Una vez terminados todos los trámites de aduana, inmigraciones y esas cosas, al otro día se embarcaron en un vapor que los trajo por el río Paraná hasta el puerto Malabrigo.  Este puerto estaba en al desembocadura del arroyo del Malabrigo sobre el Paraná.  Hoy ya no existe, creo: yo ya estoy vieja y sólo sé lo que me cuentan loso que se van de pesca para allá.  Me acuerdo que quedaba derechito a Romang.  En ese puerto también vivían unos indios domesticados.  Papá contaba que allí tampoco se encontraron con conocidos.  Y que esa noche no pudieron dormir por la cantidad de mosquitos.  Se reía y decía: “Si parece que estos bichos nos tratan como a extranjeros!  Había que cubrirse hasta el rostro.  Mamá lidió con los insectos toda la noche, cuidando que no atacaran a los hijitos.  En ese puerto del Malabrigo quedaron unos días a la espera de una barcaza que hacía regularmente el trayecto Romang-Puerto del Malabrigo.  Y vinieron.

 

En Romang la vida les fue fácil.  Mamá empezó a trabajar enseguida de partera; también curaba con las aguas.  Aquí aprendió un baño nuevo: el de salvia.

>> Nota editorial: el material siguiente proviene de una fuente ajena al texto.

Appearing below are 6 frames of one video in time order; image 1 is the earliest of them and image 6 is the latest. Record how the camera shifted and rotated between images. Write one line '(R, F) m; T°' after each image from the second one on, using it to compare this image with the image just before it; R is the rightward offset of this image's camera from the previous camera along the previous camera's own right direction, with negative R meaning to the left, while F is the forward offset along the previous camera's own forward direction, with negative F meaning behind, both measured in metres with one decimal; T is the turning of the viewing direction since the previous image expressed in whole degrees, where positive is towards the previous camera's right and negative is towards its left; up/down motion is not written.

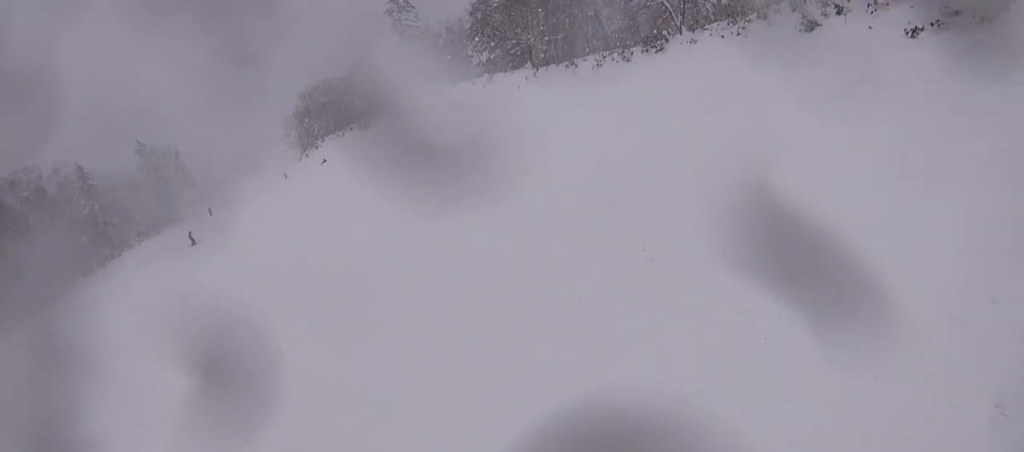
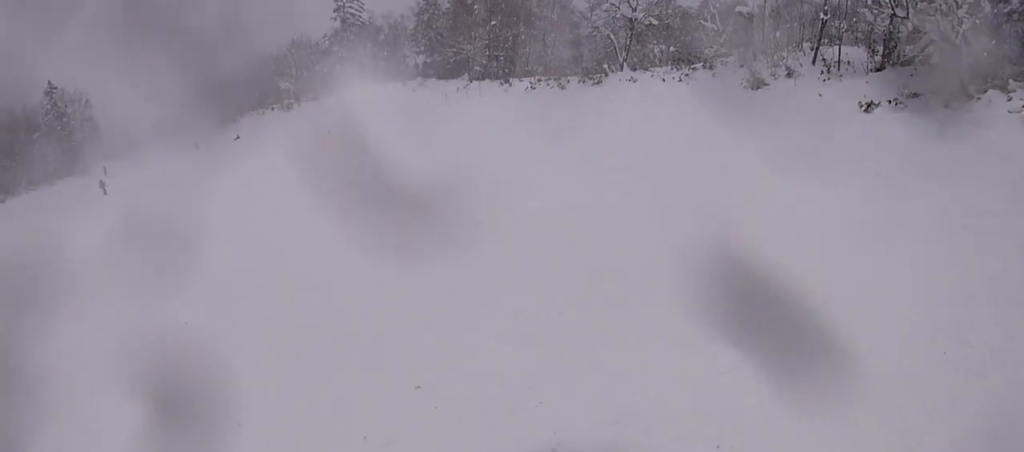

Papá le había conseguido en Buenos Aires libros nuevos y buenos para que ella practicara nuevas curas. Mamá era única.  Era la mejor.

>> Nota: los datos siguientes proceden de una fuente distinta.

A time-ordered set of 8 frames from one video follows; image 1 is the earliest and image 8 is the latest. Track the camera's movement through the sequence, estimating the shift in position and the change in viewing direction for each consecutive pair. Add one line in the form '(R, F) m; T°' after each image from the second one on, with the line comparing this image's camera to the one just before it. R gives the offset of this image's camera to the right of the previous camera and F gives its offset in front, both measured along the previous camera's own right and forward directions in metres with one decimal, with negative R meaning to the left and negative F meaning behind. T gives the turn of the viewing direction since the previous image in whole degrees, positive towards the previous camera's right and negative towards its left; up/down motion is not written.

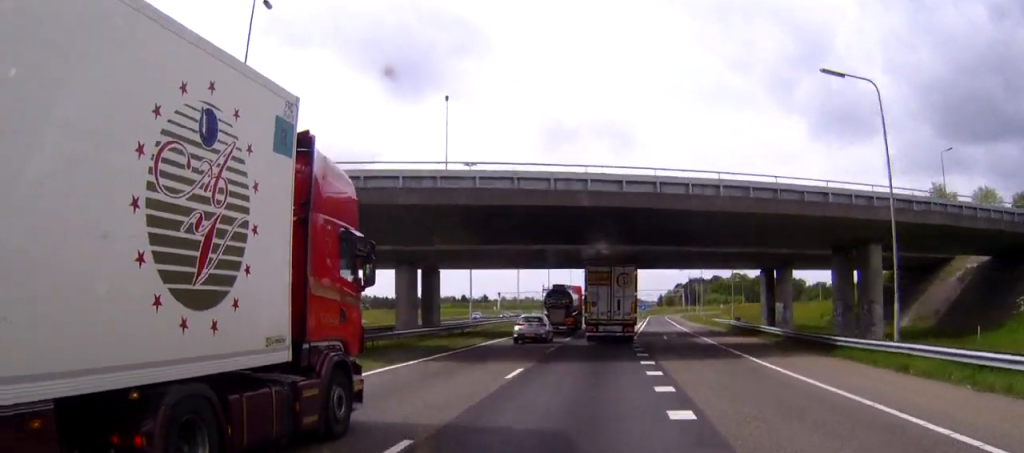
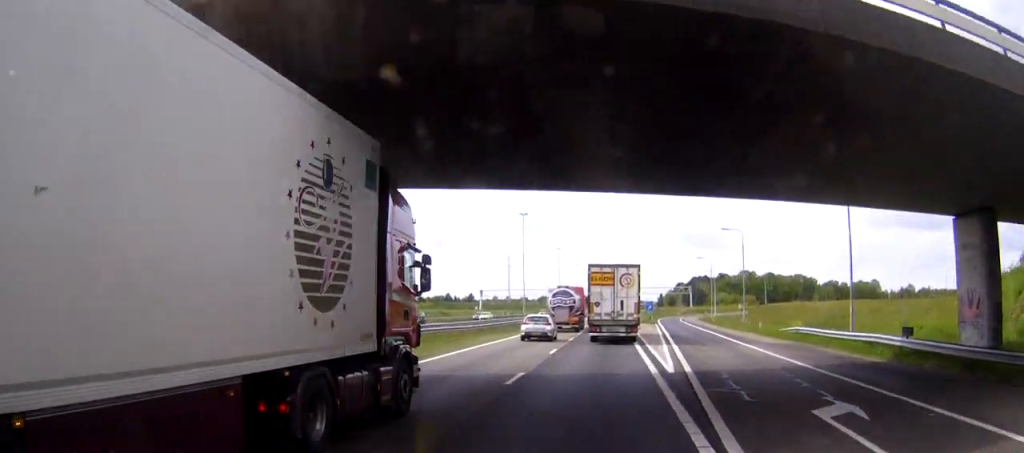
(+0.1, +37.1) m; 0°
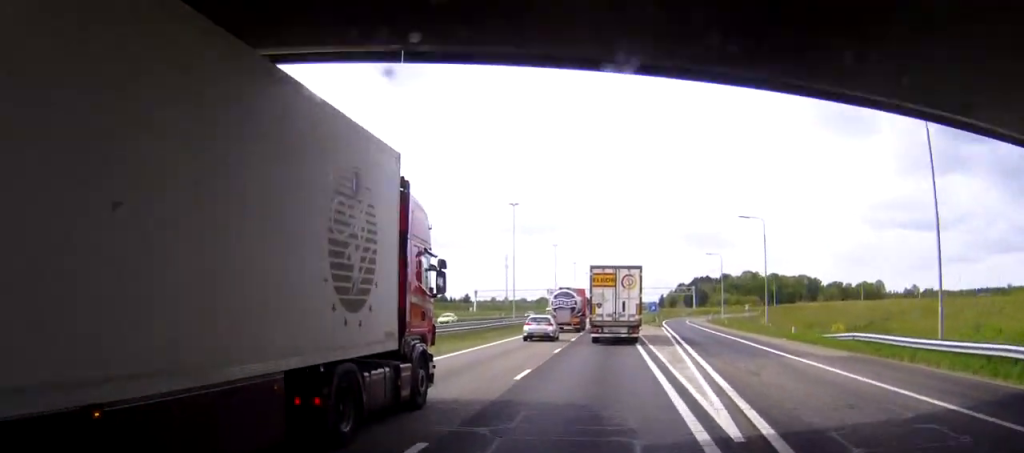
(0.0, +10.9) m; 0°
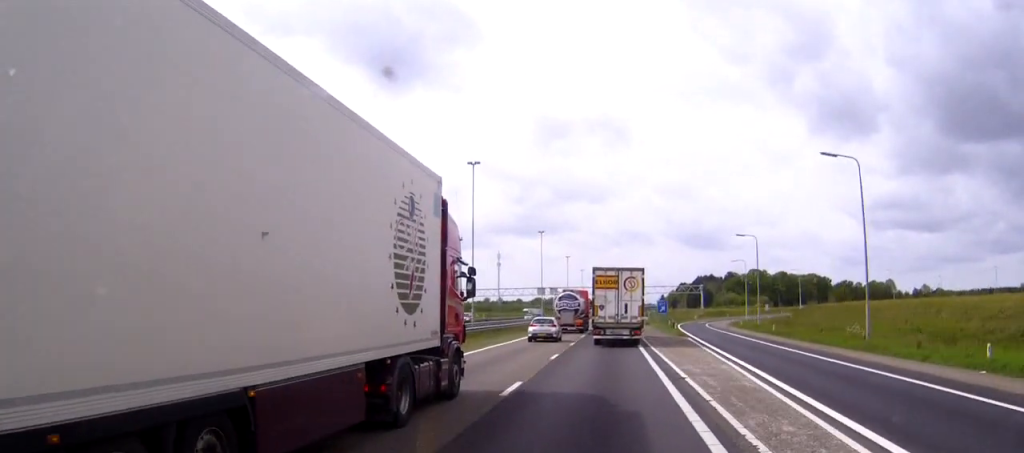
(+0.1, +27.1) m; 0°
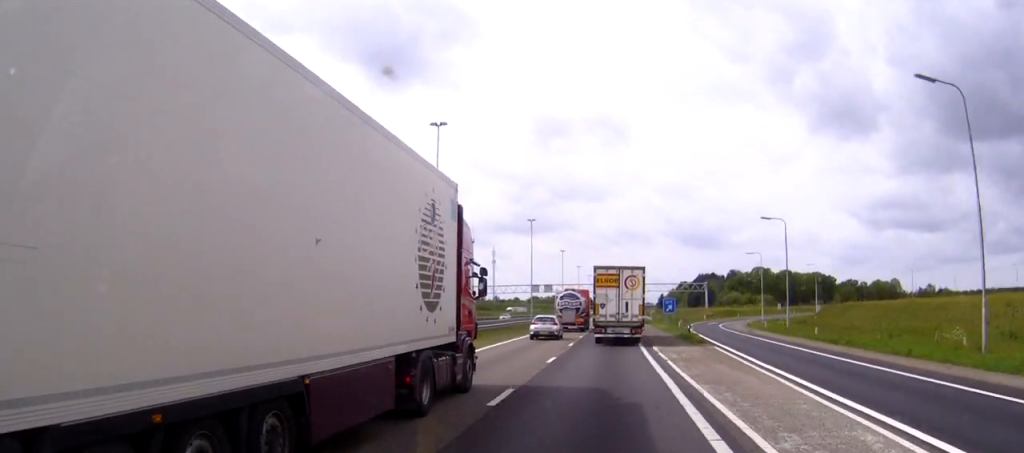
(0.0, +13.8) m; 0°
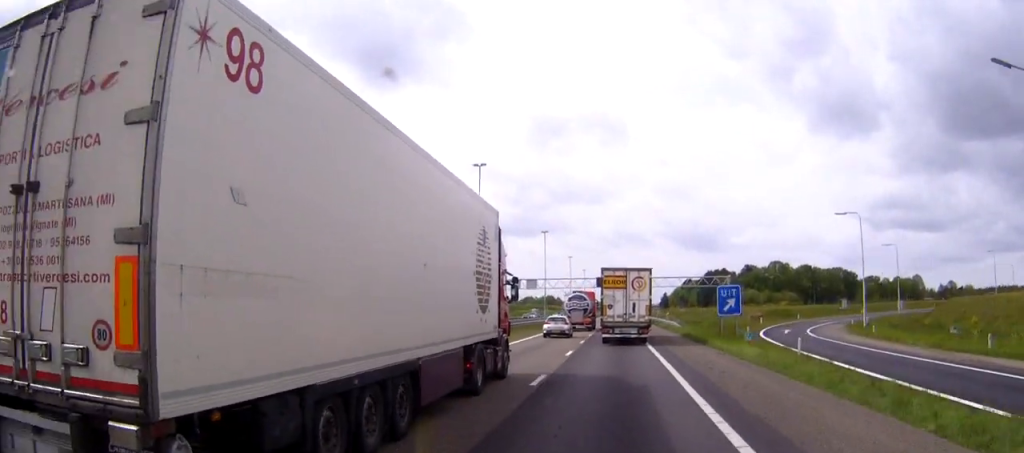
(0.0, +43.5) m; 0°
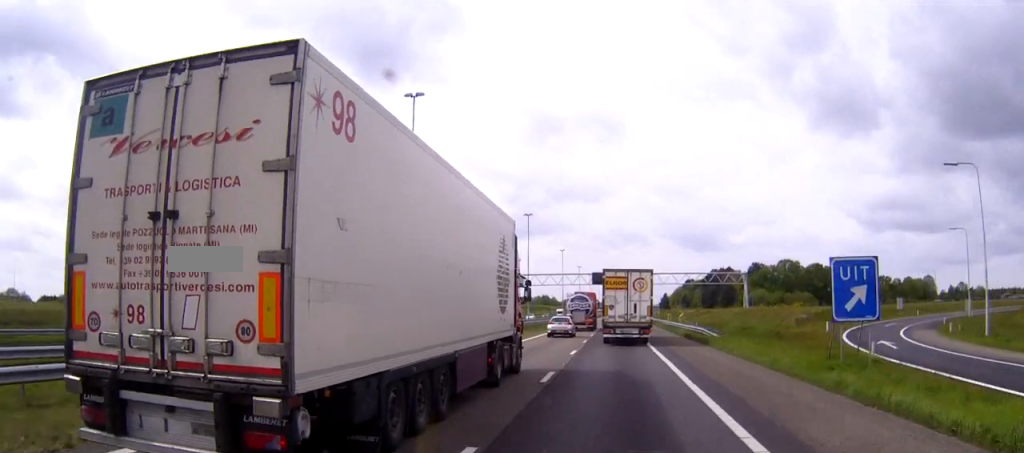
(0.0, +23.0) m; 0°
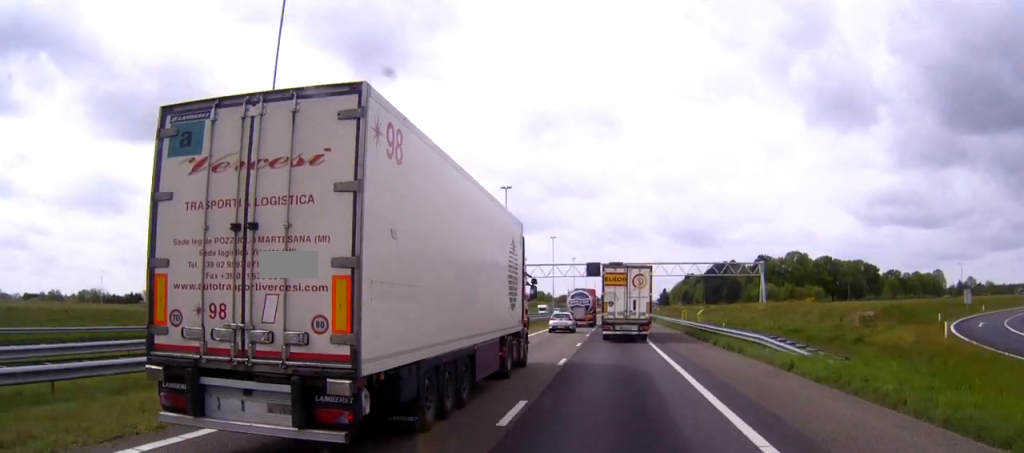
(0.0, +19.2) m; 0°

Con el tiempo decidieron instalarse en la colonia, y lo hicieron cuando juntaron el dinero suficiente.  Allí ella siguió trabajando, siempre de madama y curando.  Papá, mientras tanto, trabajaba en su huerta.

En el campo fuimos naciendo todos los demás hermanos y hermanas.  Allá crecimos en medio de la soledad y los peligros; pero sanos y fuertes.  Habría sido por lo que papá decía siempre: “el aire de campo fortifica, es bueno para la salud”.

Pero mamá trabajaba mucho y juntaba mucha plata con tal de volverse pronto de la colonia a Romang.  Querían instalarse en el pueblo con una confitería. ¡Claro!, ellos eran de esa clase de gente.  Y habían venido a la Argentina decididos a trabajar con un bar, como le llaman ahora a la confitería. Después de haber vivido dos años en la colonia, al fin se instalaron en el pueblo de Romang.  Primero construyeron ellos mismos el bar y la casa de familia, y luego hicieron el galpón donde funcionaría, con el tiempo, el taller.  La hojalatería.  En la cafetería se construyeron, a un lado del salón principal, las canchas de bowling y una pista en el centro del salón para las fiestas y bailes.  En esa confitería se hacían las fiestas de casamientos, tantos así que los padres de varias de las familias más conocidas de Romang de hoy hicieron sus fiestas de bodas allí.  Todo fue muy bien.  La confitería trabajaba con lindos bailes y se jugaba mucho al bowling.  El negocio lo atendíamos entre todos, mujeres y varones.  A medida que papá se iba afianzando como hojalatero, se fue desentendiendo de la cafetería, del bolicho, y ya se dedicó de lleno a la hojalatería.  Hacía de todo.  Trabajaban los tres: Juan el suizo, como lo llamábamos al mayor, y otro más que no recuerdo ahora.

Hacían jarras, tachos y hasta fuentones y las bañaderas para que curara mamá a sus enfermos.  Ella nunca descuidó su profesión.

Una vez se enfermó un chico del pueblo, Carlitos Wirz.  Se puso mal, de falso crup, y ella lo salvó con sus baños.

Mi madre curaba muy bien.  La venían a buscar en volante, carros y hasta de a caballo.  A veces la llamaban de Reconquista.  Cuando la venían a llevar, la gente era respetuosa y buena con ella.  Y además le pagaban.  Le traían carne y esas cosas que la gente de campo siempre está dispuesta a regalar a quien les hace el bien o les cae en gracia.

En una ocasión, la vinieron a buscar del campo para que atendiera un parto.  La parturienta era primeriza y el esposo llegó a casa desesperado en medio de la noche.  Amenazaba tormenta. Mamá no se achicó.  Preparó sus cosas y se fueron.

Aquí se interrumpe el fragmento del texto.